Now, I think that any way of “testing” this causal mechanism—the principal’s beliefs about the agent following an action that the principal believes the agent will never take—necessarily calls into question the mechanism itself. Put another way, the mechanism is epistemological in nature, and thus the principal’s beliefs in (say) an experimental setting where the agent’s action could be induced by the experimenter somehow should necessarily incorporate the (true) possibility that the experimenter (randomly) induced/forced the agent to take the action.
So what? Well, two questions immediately emerge: how should the principal (in the lab) treat the “deviation” by the agent? That’s for another post someday, perhaps. The second question is whether the agent knows that the principal knows that the agent might be induced/forced to take the action. If so, then game theory predicts that the experimental protocol can actually induce the agent to take the action in a “second-order” sense.
Why is this? Well, consider a game in which one player, A, is asked to either keep a cookie or give the cookie to a second player, B. Following this choice, B then decides whether to reward A with a lollipop or throw the lollipop in the trash (B can not eat the lollipop). Suppose also for simplicity that everybody likes lollipops better than cookies and everybody likes cookies better than nothing, but A might be one of two types: the type who likes cookies a little bit, but likes lollipops a lot more (t=Sharer), and the type who likes cookies just a little bit less than lollipops (t=Greedy). Also for simplicity, suppose that each type is equally likely:
Then, suppose that B likes to give lollipops to sharing types (t=Sharer) and is indifferent about giving lollipops to greedy types (t=Greedy).
From B’s perspective, the optimal equilibrium in this “pure” game involves
- Player B’s beliefs and strategy:
- B believing that player A is Greedy if A does not share, and throwing the lollipop away (at no subjective loss to A), and
- B believing that A is equally likely to be a Sharer or Greedy if A does share, and giving A the lollipop (because this results in a net expected gain for B).
- A’s strategy:
- Regardless of type, A gives B the cookie, because this (and only this) gets A the lollipop, which is better than the cookie (given B’s strategy, there is no way for A to get both the cookie and lollipop).
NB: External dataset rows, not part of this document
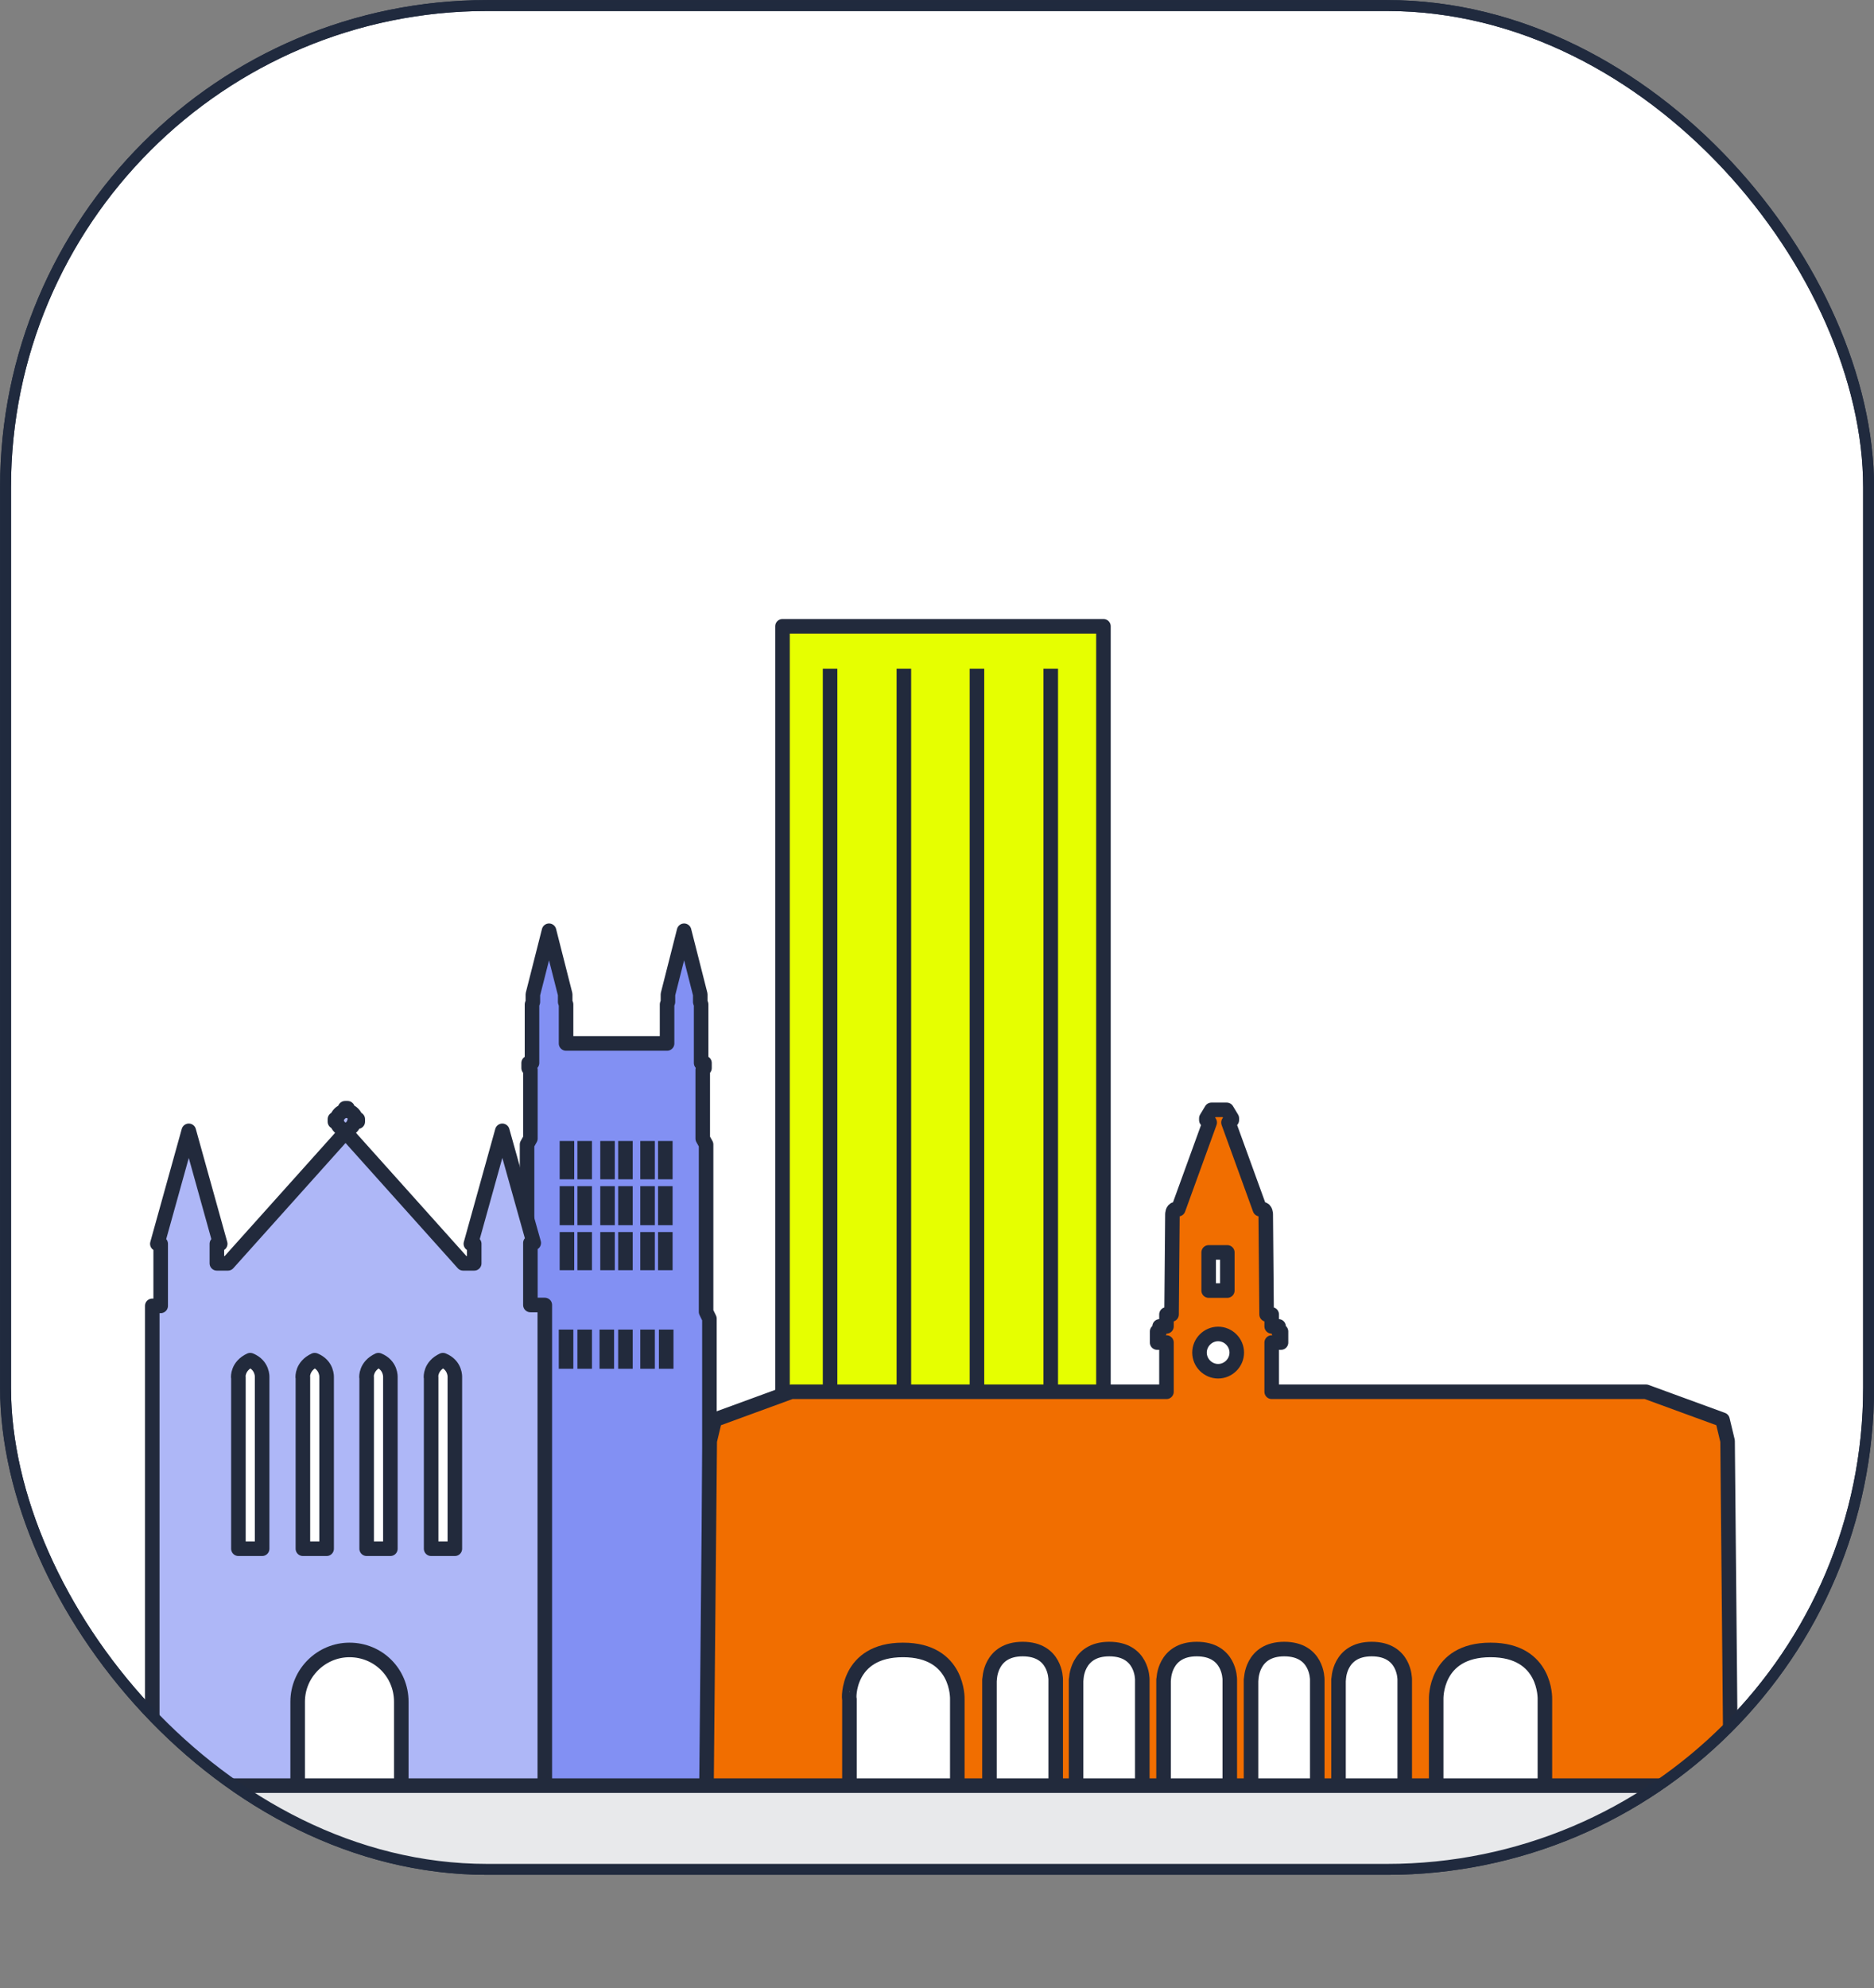 <?xml version="1.0" encoding="UTF-8"?>
<svg xmlns="http://www.w3.org/2000/svg" xmlns:xlink="http://www.w3.org/1999/xlink" id="Layer_2" viewBox="0 0 128.75 136.54">
  <rect x="0" y="0" width="128.75" height="136.54" fill="#808080" stroke="none"/>
  <defs>
    <style>
      .cls-1, .cls-2 {
        fill: none;
      }

      .cls-3 {
        fill: #dcdbd0;
        stroke: #222a3c;
        stroke-linecap: round;
        stroke-width: .53px;
      }

      .cls-3, .cls-4, .cls-5, .cls-6, .cls-7, .cls-8, .cls-9, .cls-10 {
        stroke-linejoin: round;
      }

      .cls-4 {
        fill: #e8e9eb;
      }

      .cls-4, .cls-5, .cls-6, .cls-7, .cls-8, .cls-9, .cls-10 {
        stroke: #222a3c;
      }

      .cls-5, .cls-11 {
        fill: #fff;
      }

      .cls-6 {
        fill: #e8e9eb;
      }

      .cls-7 {
        fill: #aeb7f7;
      }

      .cls-11, .cls-2 {
        stroke: #202a3e;
        stroke-miterlimit: 10;
        stroke-width: .75px;
      }

      .cls-8 {
        fill: #f16e00;
      }

      .cls-9 {
        fill: #8290f3;
      }

      .cls-12 {
        clip-path: url(#clippath);
      }

      .cls-10 {
        fill: #e6ff00;
      }
    </style>
    <clipPath id="clippath">
      <rect class="cls-1" x=".38" y=".38" width="128" height="128" rx="33.09" ry="33.09"></rect>
    </clipPath>
  </defs>
  <g id="Layer_1-2" data-name="Layer_1">
    <g>
      <rect class="cls-11" x=".38" y=".38" width="128" height="128" rx="33.09" ry="33.09"></rect>
      <g class="cls-12">
        <g>
          <path class="cls-9" d="M48.74,123.63v-33.07l-.23-.47v-11.49l-.23-.41v-4.72l.12-.12v-.35h-.23v-4.02l-.06-.17v-.52l-1.11-4.37-1.11,4.37v.52l-.06.17v2.68h-6.94v-2.68l-.06-.17v-.52l-1.11-4.37-1.11,4.37v.52l-.06.17v4.02h-.23v.35l.12.12v4.72l-.23.41v11.49l-.29.58v3.27l-.17.17v29.46c0-.06,12.95,0,13.01.06h0Z"></path>
          <g>
            <line class="cls-4" x1="40.17" y1="78.36" x2="40.17" y2="80.99"></line>
            <g>
              <line class="cls-4" x1="38.95" y1="78.36" x2="38.95" y2="80.99"></line>
              <line class="cls-4" x1="38.95" y1="81.46" x2="38.95" y2="84.14"></line>
              <line class="cls-4" x1="40.17" y1="81.46" x2="40.17" y2="84.14"></line>
              <line class="cls-4" x1="38.95" y1="84.61" x2="38.95" y2="87.23"></line>
              <line class="cls-4" x1="40.17" y1="84.61" x2="40.17" y2="87.23"></line>
            </g>
          </g>
          <g>
            <line class="cls-4" x1="42.97" y1="78.36" x2="42.97" y2="80.99"></line>
            <g>
              <line class="cls-4" x1="41.74" y1="78.36" x2="41.74" y2="80.99"></line>
              <line class="cls-4" x1="41.74" y1="81.46" x2="41.74" y2="84.14"></line>
              <line class="cls-4" x1="42.97" y1="81.46" x2="42.97" y2="84.14"></line>
              <line class="cls-4" x1="41.74" y1="84.61" x2="41.74" y2="87.23"></line>
              <line class="cls-4" x1="42.97" y1="84.61" x2="42.97" y2="87.23"></line>
            </g>
          </g>
          <g>
            <line class="cls-4" x1="45.71" y1="78.36" x2="45.71" y2="80.99"></line>
            <g>
              <line class="cls-4" x1="44.49" y1="78.36" x2="44.49" y2="80.99"></line>
              <line class="cls-4" x1="44.49" y1="81.46" x2="44.49" y2="84.14"></line>
              <line class="cls-4" x1="45.71" y1="81.46" x2="45.71" y2="84.14"></line>
              <line class="cls-4" x1="44.49" y1="84.61" x2="44.49" y2="87.23"></line>
              <line class="cls-4" x1="45.71" y1="84.61" x2="45.71" y2="87.23"></line>
            </g>
          </g>
          <line class="cls-4" x1="38.89" y1="91.31" x2="38.89" y2="94"></line>
          <line class="cls-4" x1="40.17" y1="91.31" x2="40.17" y2="94"></line>
          <line class="cls-4" x1="41.69" y1="91.31" x2="41.69" y2="94"></line>
          <line class="cls-4" x1="42.97" y1="91.31" x2="42.97" y2="94"></line>
          <line class="cls-4" x1="44.49" y1="91.31" x2="44.49" y2="94"></line>
          <line class="cls-4" x1="45.77" y1="91.31" x2="45.77" y2="94"></line>
          <path class="cls-7" d="M37.43,123.51v-33.89h-.99v-4.26h.23l-2.16-7.7-2.16,7.76h.23v1.34h-.76l-8.05-8.98v-.17c.29-.06.52-.29.58-.58h.23v-.17h-.12c-.06-.29-.29-.52-.58-.58v-.17h-.17v.17c-.29.06-.52.29-.58.58h-.12v.17h.12c.06.29.29.52.58.58v.17l-8.05,8.98h-.76v-1.34h.23l-2.16-7.76-2.16,7.76h.23v4.26h-.58v34.01c.17-.06,27.18-.41,26.95-.17h0Z"></path>
          <path class="cls-5" d="M29.61,94.58s-.06-.76.82-1.17c.87.35.82,1.17.82,1.17v11.78h-1.63v-11.78Z"></path>
          <path class="cls-5" d="M25.18,94.58s-.06-.76.82-1.17c.87.35.82,1.17.82,1.17v11.78h-1.63v-11.78Z"></path>
          <path class="cls-5" d="M20.8,94.58s-.06-.76.82-1.17c.87.35.82,1.17.82,1.17v11.78h-1.63v-11.78Z"></path>
          <path class="cls-5" d="M16.37,94.58s-.06-.76.82-1.17c.87.35.82,1.17.82,1.17v11.78h-1.63v-11.78Z"></path>
          <path class="cls-5" d="M24.01,113.31h0c1.98,0,3.56,1.57,3.56,3.56v6.71h-7.12v-6.71c0-1.98,1.63-3.56,3.56-3.56h0Z"></path>
          <g>
            <rect class="cls-10" x="53.76" y="43.01" width="22.05" height="79.74"></rect>
            <line class="cls-8" x1="57.03" y1="45.92" x2="57.03" y2="118.72"></line>
            <line class="cls-8" x1="62.1" y1="45.92" x2="62.1" y2="118.72"></line>
            <line class="cls-8" x1="67.12" y1="45.92" x2="67.12" y2="118.72"></line>
            <line class="cls-8" x1="72.19" y1="45.92" x2="72.19" y2="118.72"></line>
          </g>
          <path class="cls-8" d="M118.92,123.69l-.23-24.73-.35-1.46-5.25-1.92h-25.72v-3.38h.64v-.76h-.17v-.35h-.47v-.82h-.35l-.06-6.88s0-.35-.23-.35h-.17l-2.16-5.95.23-.17v-.12l-.35-.58h-1.05l-.35.58v.12l.23.17-2.16,5.95h-.17c-.23,0-.23.35-.23.35l-.06,6.88h-.35v.82h-.47v.35h-.17v.76h.64v3.38h-25.78l-5.25,1.92-.35,1.46-.23,24.62s70.7.12,70.41.12h0Z"></path>
          <path class="cls-3" d="M83.28,92.25q.06-.06.12-.06h0l-.17-.29c-.06,0-.12.06-.12.06l.17.29h0Z"></path>
          <path class="cls-3" d="M83.04,92.54c0-.06.06-.12.06-.12h0l-.29-.17c0,.06-.06.06-.06.12l.29.17h0Z"></path>
          <path class="cls-3" d="M82.99,92.83v-.06h-.35v.12h.35v-.06Z"></path>
          <path class="cls-3" d="M83.1,93.3q-.06-.06-.06-.12h0l-.29.17c0,.06.06.12.06.12l.29-.17h0Z"></path>
          <path class="cls-3" d="M83.28,93.47l-.17.29q.06.06.12.06l.17-.29h0q-.06-.06-.12-.06h0Z"></path>
          <path class="cls-3" d="M83.63,93.59v.35h.12v-.35h-.12Z"></path>
          <path class="cls-3" d="M84.15,93.47q-.06.06-.12.06h0l.17.29c.06,0,.12-.06.12-.06l-.17-.29h0Z"></path>
          <path class="cls-3" d="M84.39,93.12c0,.06-.06.12-.06.12h0l.29.17c0-.06.06-.06.06-.12l-.29-.17h0Z"></path>
          <path class="cls-3" d="M83.57,93.12h.23v-.23h.41l.06.06h.12l.06-.06.06-.06h0v.06h.35v-.12h-.35v.06h0l-.06-.06-.06-.06h-.12l-.06.06h-.41l-.06-.64h.06v-.35h-.12v.35h.06l-.06.58c-.06,0-.12,0-.12-.06v.29q.06,0,.12-.06l-.12.23h0Z"></path>
          <path class="cls-3" d="M84.27,92.42q.06.06.06.12h0l.29-.17c0-.06-.06-.12-.06-.12l-.29.17h0Z"></path>
          <path class="cls-3" d="M84.15,92.25l.17-.29q-.06-.06-.12-.06l-.17.29h0s.06.06.12.06h0Z"></path>
          <path class="cls-5" d="M102.41,113.31c3.85,0,3.73,3.38,3.73,3.38v6.82h-7.47v-6.82s-.12-3.38,3.73-3.38Z"></path>
          <path class="cls-5" d="M91.97,115.35s0-2.1,2.27-2.1,2.27,2.04,2.27,2.1v8.11h-4.55v-8.11h0Z"></path>
          <path class="cls-5" d="M85.96,115.35s0-2.1,2.27-2.1,2.27,2.04,2.27,2.1v8.11h-4.55v-8.11h0Z"></path>
          <rect class="cls-5" x="83.04" y="86.01" width="1.28" height="2.62"></rect>
          <path class="cls-5" d="M83.69,91.61c.7,0,1.28.58,1.28,1.28s-.58,1.28-1.28,1.28-1.28-.58-1.28-1.28.58-1.28,1.28-1.28Z"></path>
          <path class="cls-5" d="M79.95,115.35s0-2.1,2.27-2.1,2.27,2.04,2.27,2.1v8.11h-4.55v-8.11h0Z"></path>
          <path class="cls-5" d="M73.94,115.35s0-2.1,2.27-2.1,2.27,2.04,2.27,2.1v8.11h-4.55v-8.11h0Z"></path>
          <path class="cls-5" d="M67.99,115.35s0-2.1,2.27-2.1,2.27,2.04,2.27,2.1v8.11h-4.55s0-8.11,0-8.11Z"></path>
          <path class="cls-5" d="M62.04,113.31c3.85,0,3.73,3.38,3.73,3.38v6.82h-7.41v-6.82c-.06,0-.17-3.38,3.67-3.38h0Z"></path>
          <rect class="cls-6" x="8.3" y="122.63" width="111.34" height="13.41"></rect>
        </g>
      </g>
      <rect class="cls-2" x=".38" y=".38" width="128" height="128" rx="33.09" ry="33.09"></rect>
    </g>
  </g>
</svg>

Now, suppose that the experimenter involuntarily and randomly (independently of A’s type) forces A to keep the cookie (say) 5% of the time. At first blush, this seems (to me at least) a reasonable way to “test” this model. But, if the experimental treatment is known to B and A knows that B knows this, and so forth, then the above strategy-belief profile is no longer an equilibrium of the new game (even when altered to allow for the 5% involuntary deviations). In particular, if the players were playing the above profile, then B should believe that any deviation is equally likely to have been forced upon a Sharer as a Greedy player A. Thus, B will receive a positive expected payoff from giving the lollipop to any deviator. Following this logic just about two more steps, all perfect Bayesian equilibria of this “experimentally-induced” game is
- Player B’s beliefs and strategy:
- B believes that player A is equally likely to be a Sharer or Greedy if A does not share, and thus giving A the lollipop
- It doesn’t matter what B’s beliefs are, or what B does if A does share. (Thus, there is technically a continuum of equilibria.)
- A’s strategy:
- Regardless of type, A keeps the cookie, because this gets A both the cookie and lollipop).
By the way, this logic has been used in theoretical models for quite some time (dating back at least to 1982). So, anyway, maybe I’m missing something, but I am starting to wonder if there is an impossibility theorem in here.